## Investigation of Chroma DB

**Credit to ChromaDB usage guide**:  This Investigation was built using ChromaDB user guide.  Much of the content (description and code) is copied directly from the [Chroma Usage Guide](https://docs.trychroma.com/guides).  This investigation allows me follow a good guide and make modifications and test functionality as needed.

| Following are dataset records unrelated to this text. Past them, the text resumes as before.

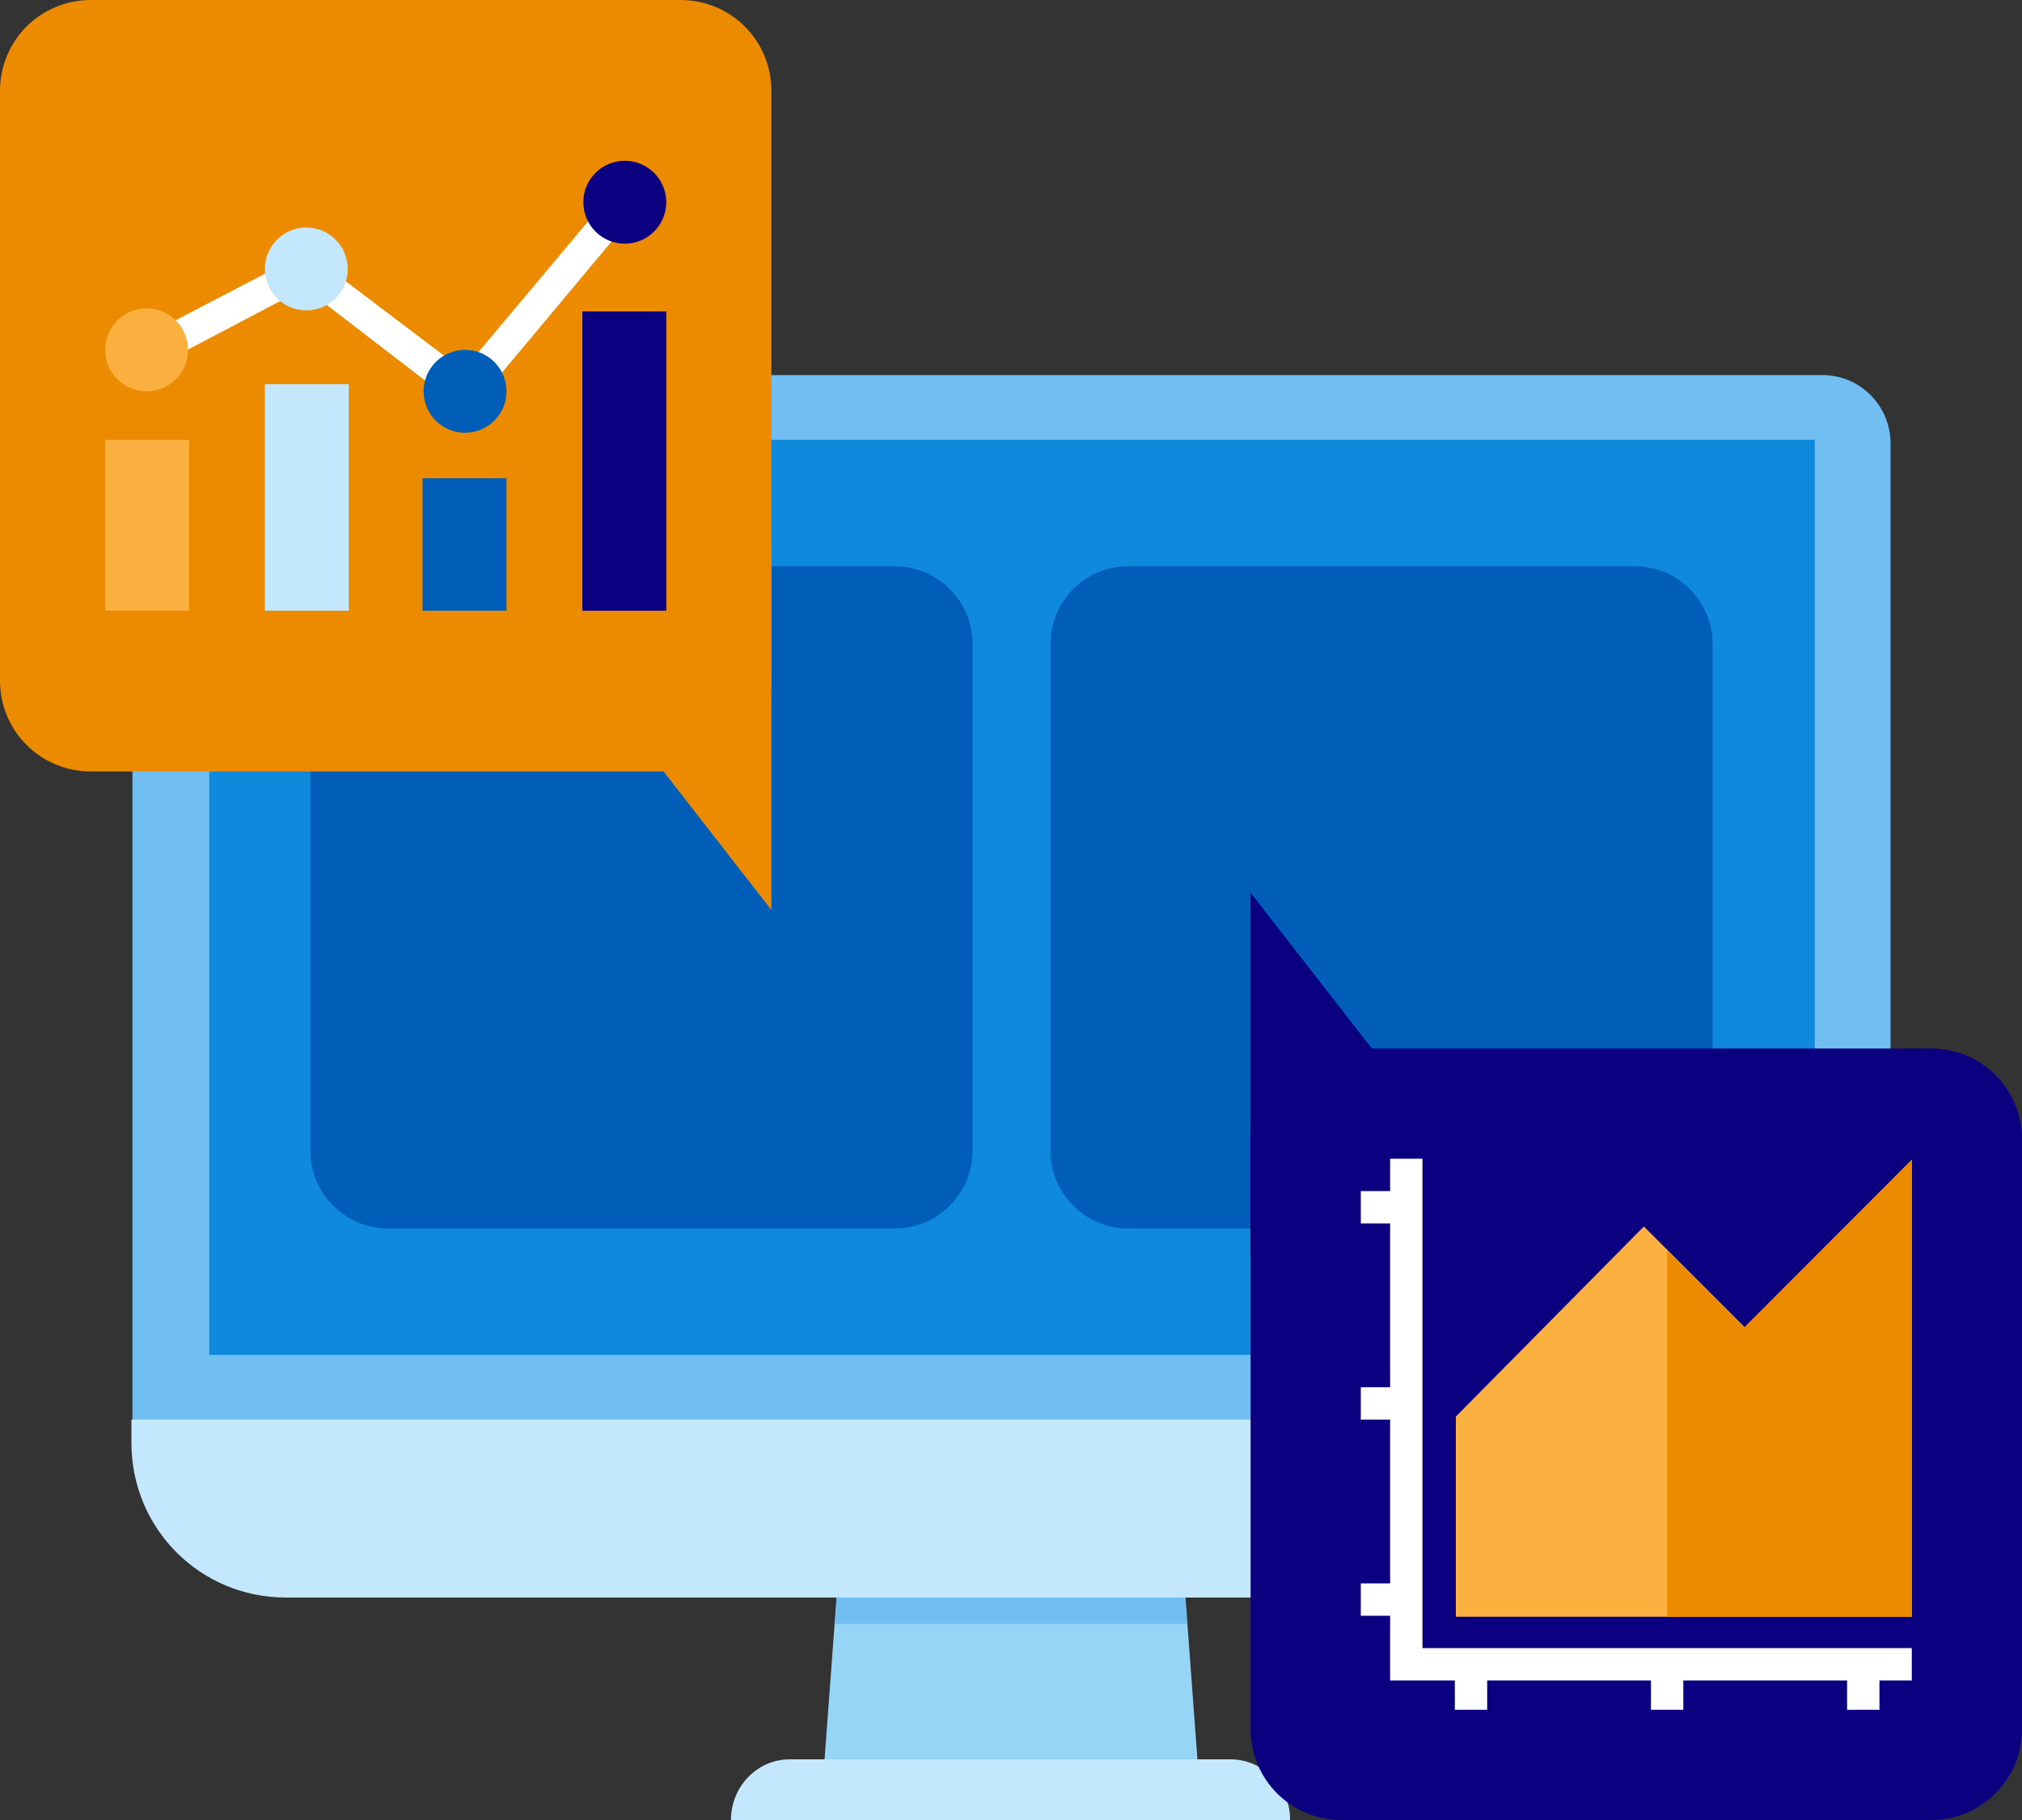<?xml version="1.0" encoding="utf-8"?>
<!-- Generator: Adobe Illustrator 21.1.0, SVG Export Plug-In . SVG Version: 6.00 Build 0)  -->
<svg version="1.1" id="design" xmlns="http://www.w3.org/2000/svg" xmlns:xlink="http://www.w3.org/1999/xlink" x="0px" y="0px"
	 viewBox="0 0 200 180" style="enable-background:new 0 0 200 180;" xml:space="preserve">
<rect x="0" y="0" width="200" height="180" fill="#333333" stroke="none"/>
<style type="text/css">
	.st0{fill:#70BEF2;}
	.st1{fill:#0F89DB;}
	.st2{fill:#97D5F7;}
	.st3{fill:#C3E7FC;}
	.st4{fill:#005EB8;}
	.st5{fill:#ED8B00;}
	.st6{fill:#0A0080;}
	.st7{fill:#FBB040;}
	.st8{fill:#FFFFFF;}
	.st9{fill:#FFFFFF;stroke:#FFFFFF;stroke-miterlimit:10;}
</style>
<path class="st0" d="M180.3,37.1H19.7c-3.6,0.1-6.5,3-6.6,6.6v96.9H187V43.7C186.9,40,183.9,37.1,180.3,37.1z"/>
<rect x="20.7" y="43.5" class="st1" width="158.8" height="90.5"/>
<polygon class="st2" points="118.7,177.5 81.3,177.5 82.9,155.9 117.1,155.9 "/>
<polygon class="st0" points="117.4,160.6 117.1,155.9 82.9,155.9 82.6,160.6 "/>
<path class="st3" d="M171.7,158H28.3c-8.5,0-15.3-6.8-15.3-15.3c0,0,0,0,0-0.1v-2.2h173.9v2.2C186.9,151.1,180.1,157.9,171.7,158z"
	/>
<path class="st3" d="M127.6,180H72.3c0-3.3,2.6-6,5.8-6c0.1,0,0.1,0,0.2,0h43.2c3.3-0.1,6.1,2.6,6.1,5.9
	C127.6,179.9,127.6,180,127.6,180L127.6,180z"/>
<g>
	<path class="st4" d="M38.4,121.5h50.1c4.3,0,7.7-3.5,7.7-7.7V63.7c0-4.3-3.5-7.7-7.7-7.7H38.4c-4.3,0-7.7,3.5-7.7,7.7v50.1
		C30.7,118.1,34.2,121.5,38.4,121.5z"/>
	<path class="st4" d="M111.6,121.5h50.1c4.3,0,7.7-3.5,7.7-7.7V63.7c0-4.3-3.5-7.7-7.7-7.7h-50.1c-4.3,0-7.7,3.5-7.7,7.7v50.1
		C103.9,118.1,107.4,121.5,111.6,121.5z"/>
</g>
<title>use-cases</title>
<polygon class="st5" points="48.2,53.9 76.3,53.9 76.3,90 "/>
<path class="st5" d="M9,76.3h58.3c5,0,9-4,9-9V9c0-5-4-9-9-9H9C4,0,0,4,0,9v58.3C0,72.3,4,76.3,9,76.3z"/>
<g>
	<polygon class="st6" points="151.8,124.4 123.7,124.4 123.7,88.3 	"/>
	<path class="st6" d="M132.7,180H191c5,0,9-4,9-9v-58.3c0-5-4-9-9-9h-58.3c-5,0-9,4-9,9V171C123.7,176,127.7,180,132.7,180z"/>
	<g>
		<g>
			<path class="st7" d="M189.1,114.7v45.2h-45.1v-19.8l18.6-18.8l2.4,2.4l7.6,7.6L189.1,114.7z"/>
		</g>
		<path class="st8" d="M189.1,163v3.2h-3.2v2.9h-3.2v-2.9h-16.2v2.9h-3.2v-2.9h-16.2v2.9h-3.2v-2.9h-6.4v-6.4h-2.9v-3.2h2.9v-16.2
			h-2.9v-3.2h2.9V121h-2.9v-3.2h2.9v-3.2h3.2V163H189.1z"/>
		<path class="st5" d="M189.1,114.7v45.2h-24.2v-36.2l7.6,7.6L189.1,114.7z"/>
	</g>
</g>
<g>
	<path class="st9" d="M61,19.3l-15.1,18L30.3,25.5L14,34l-0.4,0.3c0.6,0.4,1,1.1,1,1.8l0.4-0.2l15.2-8l16,12.3l16.3-19.5L61,19.3z"
		/>
	<g>
		<rect x="57.6" y="30.8" class="st6" width="8.3" height="29.6"/>
		<circle class="st6" cx="61.8" cy="20" r="4.1"/>
	</g>
	<g>
		<rect x="41.8" y="47.3" class="st4" width="8.3" height="13.1"/>
		<circle class="st4" cx="46" cy="38.7" r="4.1"/>
	</g>
	<g>
		<rect x="26.2" y="38" class="st3" width="8.3" height="22.4"/>
		<circle class="st3" cx="30.3" cy="26.6" r="4.1"/>
	</g>
	<g>
		<rect x="10.4" y="43.5" class="st7" width="8.3" height="16.9"/>
		<circle class="st7" cx="14.5" cy="34.6" r="4.1"/>
	</g>
</g>
</svg>

- https://docs.trychroma.com/guides
- https://docs.trychroma.com/deployment/auth#static-api-token-authentication

### Initiating a persistent Chroma Client

In [1]:
import chromadb
import os

In [2]:
db_path = '/mnt/c/ML/DU/local_rag_llm/prototype/jeff/3-vectorDB/db'

if not os.path.exists(db_path):
    os.makedirs(db_path)

# os.environ['STORAGE_PATH'] = db_path

OSError: [Errno 30] Read-only file system: '/mnt'

In [None]:
from chromadb.api.fastapi import FastAPI as ChromaFastAPI



chroma_api_impl = ChromaFastAPI()
chroma_db = chromadb(api_impl=chroma_api_impl)

client = chromadb.PersistentClient(path=db_path)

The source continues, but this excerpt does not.